Check each line of the data for "latest", and copy the ones that have it.

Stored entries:
•••
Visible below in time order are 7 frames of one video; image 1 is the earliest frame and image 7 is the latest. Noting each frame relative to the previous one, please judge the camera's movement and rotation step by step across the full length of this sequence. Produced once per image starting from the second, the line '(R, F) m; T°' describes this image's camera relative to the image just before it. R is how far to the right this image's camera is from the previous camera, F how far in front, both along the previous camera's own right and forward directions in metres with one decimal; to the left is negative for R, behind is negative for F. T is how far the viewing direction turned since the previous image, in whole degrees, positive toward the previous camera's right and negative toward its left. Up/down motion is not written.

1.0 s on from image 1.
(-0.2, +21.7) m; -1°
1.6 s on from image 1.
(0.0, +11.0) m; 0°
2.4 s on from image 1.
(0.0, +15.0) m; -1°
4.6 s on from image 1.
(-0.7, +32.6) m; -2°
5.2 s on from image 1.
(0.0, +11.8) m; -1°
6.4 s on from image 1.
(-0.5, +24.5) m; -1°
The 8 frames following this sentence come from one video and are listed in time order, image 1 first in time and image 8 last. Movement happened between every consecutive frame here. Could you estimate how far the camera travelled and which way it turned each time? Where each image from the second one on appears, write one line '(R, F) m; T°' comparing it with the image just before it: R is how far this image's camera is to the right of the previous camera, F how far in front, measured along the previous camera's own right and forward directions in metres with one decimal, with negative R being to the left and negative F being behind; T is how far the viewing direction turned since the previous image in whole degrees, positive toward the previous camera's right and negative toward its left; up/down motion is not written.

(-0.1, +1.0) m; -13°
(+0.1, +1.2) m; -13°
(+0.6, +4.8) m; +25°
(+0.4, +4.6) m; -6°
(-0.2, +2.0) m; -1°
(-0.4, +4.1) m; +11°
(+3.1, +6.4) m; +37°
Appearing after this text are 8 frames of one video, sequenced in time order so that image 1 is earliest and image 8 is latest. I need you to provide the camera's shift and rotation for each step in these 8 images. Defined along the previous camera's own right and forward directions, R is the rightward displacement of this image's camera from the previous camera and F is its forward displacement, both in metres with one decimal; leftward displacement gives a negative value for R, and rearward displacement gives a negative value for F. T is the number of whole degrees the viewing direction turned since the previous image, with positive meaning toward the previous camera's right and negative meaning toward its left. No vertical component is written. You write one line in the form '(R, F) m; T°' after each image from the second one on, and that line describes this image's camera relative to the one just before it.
•••
### SOLUTION
Visible below in time order are 7 frames of one video; image 1 is the earliest frame and image 7 is the latest. Noting each frame relative to the previous one, please judge the camera's movement and rotation step by step across the full length of this sequence. Produced once per image starting from the second, the line '(R, F) m; T°' describes this image's camera relative to the image just before it. R is how far to the right this image's camera is from the previous camera, F how far in front, both along the previous camera's own right and forward directions in metres with one decimal; to the left is negative for R, behind is negative for F. T is how far the viewing direction turned since the previous image, in whole degrees, positive toward the previous camera's right and negative toward its left. Up/down motion is not written.
Appearing after this text are 8 frames of one video, sequenced in time order so that image 1 is earliest and image 8 is latest. I need you to provide the camera's shift and rotation for each step in these 8 images. Defined along the previous camera's own right and forward directions, R is the rightward displacement of this image's camera from the previous camera and F is its forward displacement, both in metres with one decimal; leftward displacement gives a negative value for R, and rearward displacement gives a negative value for F. T is the number of whole degrees the viewing direction turned since the previous image, with positive meaning toward the previous camera's right and negative meaning toward its left. No vertical component is written. You write one line in the form '(R, F) m; T°' after each image from the second one on, and that line describes this image's camera relative to the one just before it.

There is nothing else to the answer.